**Work request:** Please copy, exactly and with no pictures, only the lines from the one containing "sten ain Teil" through the last line of the records.

**Dataset extract:**
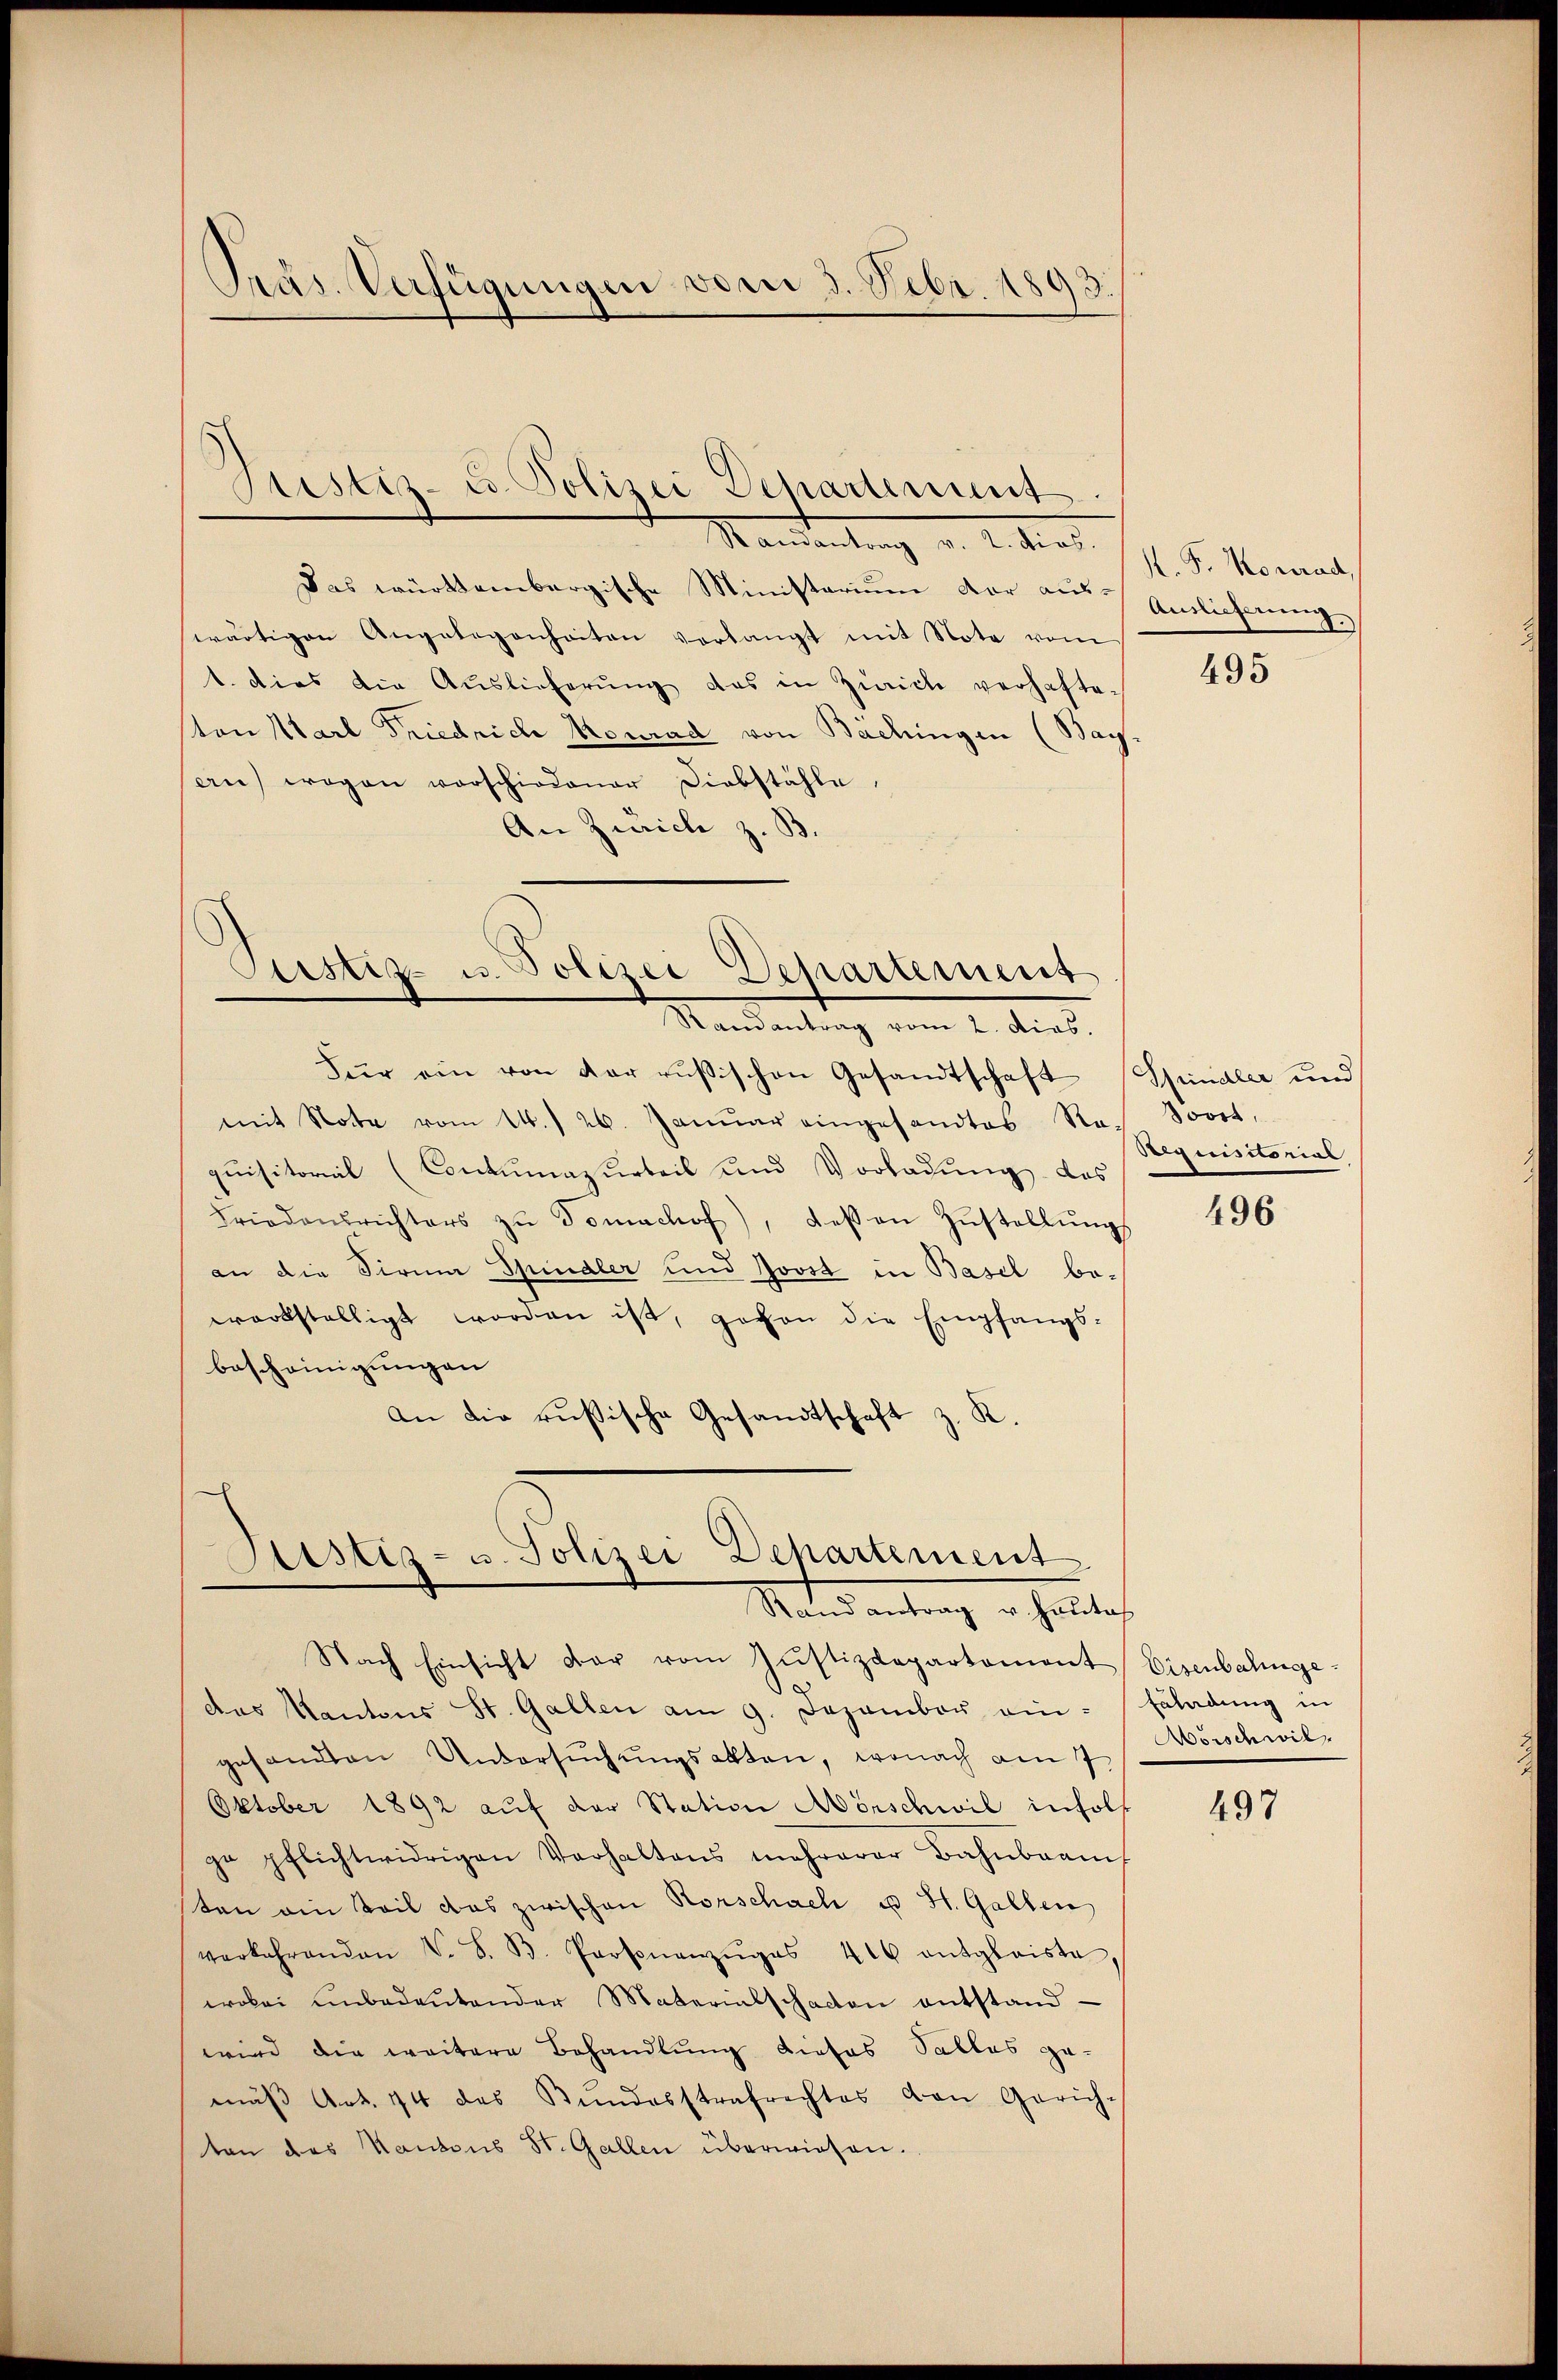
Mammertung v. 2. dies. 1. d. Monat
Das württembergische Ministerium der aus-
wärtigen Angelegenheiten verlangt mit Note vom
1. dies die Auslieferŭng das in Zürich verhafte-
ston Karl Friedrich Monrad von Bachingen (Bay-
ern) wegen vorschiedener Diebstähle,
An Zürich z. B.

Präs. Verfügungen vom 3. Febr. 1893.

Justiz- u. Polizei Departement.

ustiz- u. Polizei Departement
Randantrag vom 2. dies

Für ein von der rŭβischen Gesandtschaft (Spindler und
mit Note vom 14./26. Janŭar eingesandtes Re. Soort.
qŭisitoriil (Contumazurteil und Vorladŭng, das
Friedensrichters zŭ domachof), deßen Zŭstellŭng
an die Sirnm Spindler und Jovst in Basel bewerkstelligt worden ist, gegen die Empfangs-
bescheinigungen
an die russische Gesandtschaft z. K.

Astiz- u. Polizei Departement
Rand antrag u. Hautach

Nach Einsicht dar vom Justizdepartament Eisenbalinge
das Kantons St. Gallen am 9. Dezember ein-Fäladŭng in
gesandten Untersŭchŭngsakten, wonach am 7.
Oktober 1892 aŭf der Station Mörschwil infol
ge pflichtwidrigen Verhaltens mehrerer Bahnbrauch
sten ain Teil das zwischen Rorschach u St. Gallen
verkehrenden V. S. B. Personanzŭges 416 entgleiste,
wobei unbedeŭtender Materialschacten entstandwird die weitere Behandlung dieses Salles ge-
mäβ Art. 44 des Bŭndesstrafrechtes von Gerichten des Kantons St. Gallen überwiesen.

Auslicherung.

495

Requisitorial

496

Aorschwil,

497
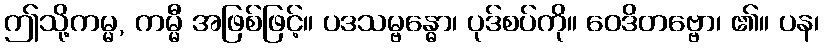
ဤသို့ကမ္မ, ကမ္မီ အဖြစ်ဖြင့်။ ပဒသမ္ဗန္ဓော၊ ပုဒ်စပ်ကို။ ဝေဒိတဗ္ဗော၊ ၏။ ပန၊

**Written solution:**
sten ain Teil das zwischen Rorschach u St. Gallen
verkehrenden V. S. B. Personanzŭges 416 entgleiste,
wobei unbedeŭtender Materialschacten entstandwird die weitere Behandlung dieses Salles ge-
mäβ Art. 44 des Bŭndesstrafrechtes von Gerichten des Kantons St. Gallen überwiesen.

Auslicherung.

495

Requisitorial

496

Aorschwil,

497
ဤသို့ကမ္မ, ကမ္မီ အဖြစ်ဖြင့်။ ပဒသမ္ဗန္ဓော၊ ပုဒ်စပ်ကို။ ဝေဒိတဗ္ဗော၊ ၏။ ပန၊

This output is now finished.